I don't know if anyone remembers, but years ago I was all alone in advocating the UniDot on this board for "cross eyed" shooters like me and Brian.
I spent much time trying to explain and it seems folks have finally figured it out.
As Brian explained, if you are dominant in your off eye, you will see two barrels.
With the UniDot only one of the two will have the glowing dot (it is the correct one over your shooting shoulder).
It does take some mental training, but if you stick to it, you can train your brain to focus -- I mean tight, clear, primary focus, on the target (this it the opposite of pistol shooting where you focus on the front sight and the target is blurry) -- and your brain will pick up on the glowing dot to make the right bird/bead relationship to break the target.
Contrary to much popular myth, which seems to be finally fading away, you need a good bird/bead relationship to break the target.
Where you'll run into trouble, as Brian explained, is when you try to focus on the bead rather than the target. That much is not myth, it will lead to misses.
I am still awaiting getting a custom fit stock, which I believe is essential to consistent shooting, but believe that once I get one and dial in the fit and POI I will be at very little, if any, disadvantage shooting with a UniDot vis a vie having my dominant hand and eye the same.
To me, trap is nearly identical to golf in the physical and mental skills involved. Assuming everything is set up right to fit you and shoot where you are looking (with the right bird/bead relationship (shooting where you are looking means nothing if the bead and POI are matched up to where you look)) you will probably find that most of your misses are due to errors between the ears (like thinking about breaking the next ten rather than the one you are shooting at or what your wife will wear to bed that night).

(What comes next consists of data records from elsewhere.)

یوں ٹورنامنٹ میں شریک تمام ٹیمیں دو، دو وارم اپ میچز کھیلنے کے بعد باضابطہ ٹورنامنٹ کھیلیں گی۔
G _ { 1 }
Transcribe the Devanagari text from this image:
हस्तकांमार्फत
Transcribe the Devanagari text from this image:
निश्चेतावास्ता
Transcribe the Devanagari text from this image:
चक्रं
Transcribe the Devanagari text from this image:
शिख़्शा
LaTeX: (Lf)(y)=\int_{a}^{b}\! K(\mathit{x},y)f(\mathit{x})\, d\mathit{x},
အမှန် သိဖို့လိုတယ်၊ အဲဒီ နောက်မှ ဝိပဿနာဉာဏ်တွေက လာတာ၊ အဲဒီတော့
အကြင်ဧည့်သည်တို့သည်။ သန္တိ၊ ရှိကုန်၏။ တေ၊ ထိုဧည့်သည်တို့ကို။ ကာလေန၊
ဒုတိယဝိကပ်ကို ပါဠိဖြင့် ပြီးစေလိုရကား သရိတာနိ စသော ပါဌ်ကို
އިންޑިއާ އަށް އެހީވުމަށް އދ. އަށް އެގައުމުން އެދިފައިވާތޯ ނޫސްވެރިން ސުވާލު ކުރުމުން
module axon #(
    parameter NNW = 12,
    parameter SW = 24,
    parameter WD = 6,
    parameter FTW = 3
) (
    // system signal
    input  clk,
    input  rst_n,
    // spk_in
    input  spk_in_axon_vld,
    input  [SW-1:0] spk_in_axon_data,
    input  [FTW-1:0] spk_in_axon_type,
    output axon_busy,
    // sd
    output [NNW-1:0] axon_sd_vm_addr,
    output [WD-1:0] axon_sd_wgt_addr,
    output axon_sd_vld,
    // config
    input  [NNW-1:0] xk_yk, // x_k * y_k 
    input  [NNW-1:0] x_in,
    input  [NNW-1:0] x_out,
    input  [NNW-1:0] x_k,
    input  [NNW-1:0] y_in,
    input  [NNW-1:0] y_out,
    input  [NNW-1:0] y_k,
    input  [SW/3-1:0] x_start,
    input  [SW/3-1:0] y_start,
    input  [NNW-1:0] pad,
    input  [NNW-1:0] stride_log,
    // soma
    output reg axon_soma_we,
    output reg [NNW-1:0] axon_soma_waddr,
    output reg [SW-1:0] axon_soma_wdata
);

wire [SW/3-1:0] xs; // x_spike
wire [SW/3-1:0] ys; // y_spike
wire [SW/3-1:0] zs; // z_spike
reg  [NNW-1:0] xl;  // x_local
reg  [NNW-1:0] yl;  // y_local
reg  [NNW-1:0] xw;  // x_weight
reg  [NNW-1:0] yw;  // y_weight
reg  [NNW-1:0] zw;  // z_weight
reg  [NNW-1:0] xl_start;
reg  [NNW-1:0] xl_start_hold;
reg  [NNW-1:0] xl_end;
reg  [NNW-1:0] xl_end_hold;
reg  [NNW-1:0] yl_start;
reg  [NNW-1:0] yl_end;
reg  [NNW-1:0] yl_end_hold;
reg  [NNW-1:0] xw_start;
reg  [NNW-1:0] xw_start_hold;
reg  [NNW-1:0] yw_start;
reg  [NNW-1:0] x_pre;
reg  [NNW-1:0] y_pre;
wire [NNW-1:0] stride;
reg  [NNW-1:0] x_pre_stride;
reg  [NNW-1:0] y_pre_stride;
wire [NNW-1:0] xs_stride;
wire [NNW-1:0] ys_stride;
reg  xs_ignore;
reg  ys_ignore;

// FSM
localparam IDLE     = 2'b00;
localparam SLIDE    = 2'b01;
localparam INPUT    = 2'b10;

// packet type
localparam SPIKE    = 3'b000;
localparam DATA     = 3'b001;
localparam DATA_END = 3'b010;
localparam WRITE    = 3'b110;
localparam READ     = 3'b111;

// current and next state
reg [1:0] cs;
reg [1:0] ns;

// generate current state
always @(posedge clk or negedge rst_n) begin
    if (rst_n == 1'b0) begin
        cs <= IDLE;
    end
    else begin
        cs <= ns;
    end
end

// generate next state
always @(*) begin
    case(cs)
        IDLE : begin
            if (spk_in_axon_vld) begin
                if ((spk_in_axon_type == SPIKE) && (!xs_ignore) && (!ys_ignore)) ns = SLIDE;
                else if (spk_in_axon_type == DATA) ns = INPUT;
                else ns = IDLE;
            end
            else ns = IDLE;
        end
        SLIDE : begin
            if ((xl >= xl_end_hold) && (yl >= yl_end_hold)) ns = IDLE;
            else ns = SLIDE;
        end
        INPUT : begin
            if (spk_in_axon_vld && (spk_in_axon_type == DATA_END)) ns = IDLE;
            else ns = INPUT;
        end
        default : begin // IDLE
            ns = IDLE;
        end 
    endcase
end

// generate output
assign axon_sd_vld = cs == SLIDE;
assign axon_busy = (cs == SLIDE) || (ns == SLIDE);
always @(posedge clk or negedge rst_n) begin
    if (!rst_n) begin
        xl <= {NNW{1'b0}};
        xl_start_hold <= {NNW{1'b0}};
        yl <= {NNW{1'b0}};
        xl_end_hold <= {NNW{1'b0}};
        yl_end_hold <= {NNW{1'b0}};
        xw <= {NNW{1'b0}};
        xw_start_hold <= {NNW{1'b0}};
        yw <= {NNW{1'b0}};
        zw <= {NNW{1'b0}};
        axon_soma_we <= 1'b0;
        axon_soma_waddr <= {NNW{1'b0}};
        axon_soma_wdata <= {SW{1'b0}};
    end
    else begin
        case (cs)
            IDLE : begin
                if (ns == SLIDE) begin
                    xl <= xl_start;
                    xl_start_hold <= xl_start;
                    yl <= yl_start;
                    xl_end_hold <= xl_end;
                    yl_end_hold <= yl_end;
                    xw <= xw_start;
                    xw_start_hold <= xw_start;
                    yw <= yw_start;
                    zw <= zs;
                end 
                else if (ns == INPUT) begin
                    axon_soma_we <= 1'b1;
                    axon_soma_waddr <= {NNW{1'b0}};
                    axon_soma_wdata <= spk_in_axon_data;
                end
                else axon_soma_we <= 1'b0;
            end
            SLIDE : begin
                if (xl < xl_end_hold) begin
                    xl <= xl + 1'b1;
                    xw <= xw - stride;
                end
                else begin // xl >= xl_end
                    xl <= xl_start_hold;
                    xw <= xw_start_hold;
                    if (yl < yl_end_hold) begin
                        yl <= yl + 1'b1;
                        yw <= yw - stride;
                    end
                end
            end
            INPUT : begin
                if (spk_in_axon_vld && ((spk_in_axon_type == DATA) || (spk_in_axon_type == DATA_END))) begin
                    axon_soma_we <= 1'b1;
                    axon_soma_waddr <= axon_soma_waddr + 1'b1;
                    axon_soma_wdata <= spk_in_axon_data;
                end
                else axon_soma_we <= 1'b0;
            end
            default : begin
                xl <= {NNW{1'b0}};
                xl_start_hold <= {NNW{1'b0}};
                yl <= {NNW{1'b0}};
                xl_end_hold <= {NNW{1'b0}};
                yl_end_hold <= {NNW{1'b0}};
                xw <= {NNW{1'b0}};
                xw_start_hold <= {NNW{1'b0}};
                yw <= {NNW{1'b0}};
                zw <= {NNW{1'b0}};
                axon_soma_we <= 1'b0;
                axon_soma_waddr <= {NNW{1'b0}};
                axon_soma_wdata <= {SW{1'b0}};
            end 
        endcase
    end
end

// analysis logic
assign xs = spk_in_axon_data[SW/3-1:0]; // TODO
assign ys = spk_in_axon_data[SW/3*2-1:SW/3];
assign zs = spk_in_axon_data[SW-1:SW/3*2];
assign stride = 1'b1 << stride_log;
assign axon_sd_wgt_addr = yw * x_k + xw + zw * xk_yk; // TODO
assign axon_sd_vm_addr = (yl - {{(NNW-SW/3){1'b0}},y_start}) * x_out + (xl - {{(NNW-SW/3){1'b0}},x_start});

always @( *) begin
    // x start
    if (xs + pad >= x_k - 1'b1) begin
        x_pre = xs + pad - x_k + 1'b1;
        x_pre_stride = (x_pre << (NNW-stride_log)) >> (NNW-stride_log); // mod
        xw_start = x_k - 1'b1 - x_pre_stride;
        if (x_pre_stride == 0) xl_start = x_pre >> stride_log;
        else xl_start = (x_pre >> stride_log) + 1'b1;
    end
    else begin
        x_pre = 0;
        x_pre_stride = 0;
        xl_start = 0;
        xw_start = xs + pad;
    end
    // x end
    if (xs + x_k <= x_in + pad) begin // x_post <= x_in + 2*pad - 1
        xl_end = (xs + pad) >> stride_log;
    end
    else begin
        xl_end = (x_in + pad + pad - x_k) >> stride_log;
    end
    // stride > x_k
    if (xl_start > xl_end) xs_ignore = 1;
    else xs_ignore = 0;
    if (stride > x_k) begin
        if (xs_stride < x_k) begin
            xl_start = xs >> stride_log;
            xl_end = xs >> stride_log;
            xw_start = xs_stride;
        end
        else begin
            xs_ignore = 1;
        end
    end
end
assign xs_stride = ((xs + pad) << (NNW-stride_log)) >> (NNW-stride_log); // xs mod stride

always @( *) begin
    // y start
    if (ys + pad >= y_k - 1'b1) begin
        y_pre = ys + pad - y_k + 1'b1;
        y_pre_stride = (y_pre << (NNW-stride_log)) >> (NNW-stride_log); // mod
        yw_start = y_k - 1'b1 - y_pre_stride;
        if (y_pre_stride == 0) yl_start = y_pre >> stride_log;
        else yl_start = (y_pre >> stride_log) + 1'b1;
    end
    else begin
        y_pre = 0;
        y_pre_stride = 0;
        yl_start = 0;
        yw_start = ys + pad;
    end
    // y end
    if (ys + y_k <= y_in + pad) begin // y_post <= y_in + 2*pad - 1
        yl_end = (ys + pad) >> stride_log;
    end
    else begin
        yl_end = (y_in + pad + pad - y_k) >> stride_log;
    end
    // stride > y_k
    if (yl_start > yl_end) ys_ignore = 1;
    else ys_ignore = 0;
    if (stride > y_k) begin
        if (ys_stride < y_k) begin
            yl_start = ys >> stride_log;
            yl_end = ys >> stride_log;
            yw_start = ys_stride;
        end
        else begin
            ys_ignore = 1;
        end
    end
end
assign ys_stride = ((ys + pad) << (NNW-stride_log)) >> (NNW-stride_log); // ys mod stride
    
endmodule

The UniDot is not magic, but if you are willing to train your brain it should work for you. If you believe it won't, well then I'm pretty sure your brain will make sure it doesn't.
If you can afford them, or if your comb is pretty high, the Keensight (by Vicky Keen) are really freaking cool, as Brian from Oregon said. They have the fiber optic bar set in a channel down the middle of the rib. They keep your off eye (the dominant eye if you are a cross-eyed shooter) from seeing the dot so that when you see the double vision barrels, only one will have the glowing dot on the end and you can train your brain to match that one up with the target and ignore the other.
If you are focusing on the target and not the end of the barrel/bead, you will see only ONE target, even if you are cross dominant.
Many folks will tell you this is all crapola, but they just don't understand what is happening or are just stubborn mules.
For other folks who are reading this, understand that cross dominance can be occasional as well. This is what happens to me. I can shoot most targets fine without the dot, but on targets that cross to the left across my left eye (with the gun shouldered on my right), my left eye will take over and the eye (functionally your rear sight) alignment between my rear sight (eye) and front bead will cross and I will miss the target.
If you have a kid like this just switch them over to shouldering the gun on the side of their dominant eye. It can be done and is preferred. Did you know that Phil Mickelson golfs wrong handed? It is true.
For those of you that are already grown up and just can't get used to the feel of switching shoulders, put the time in with the UniDot and you may just find it the greatest thing since [fill in the blank].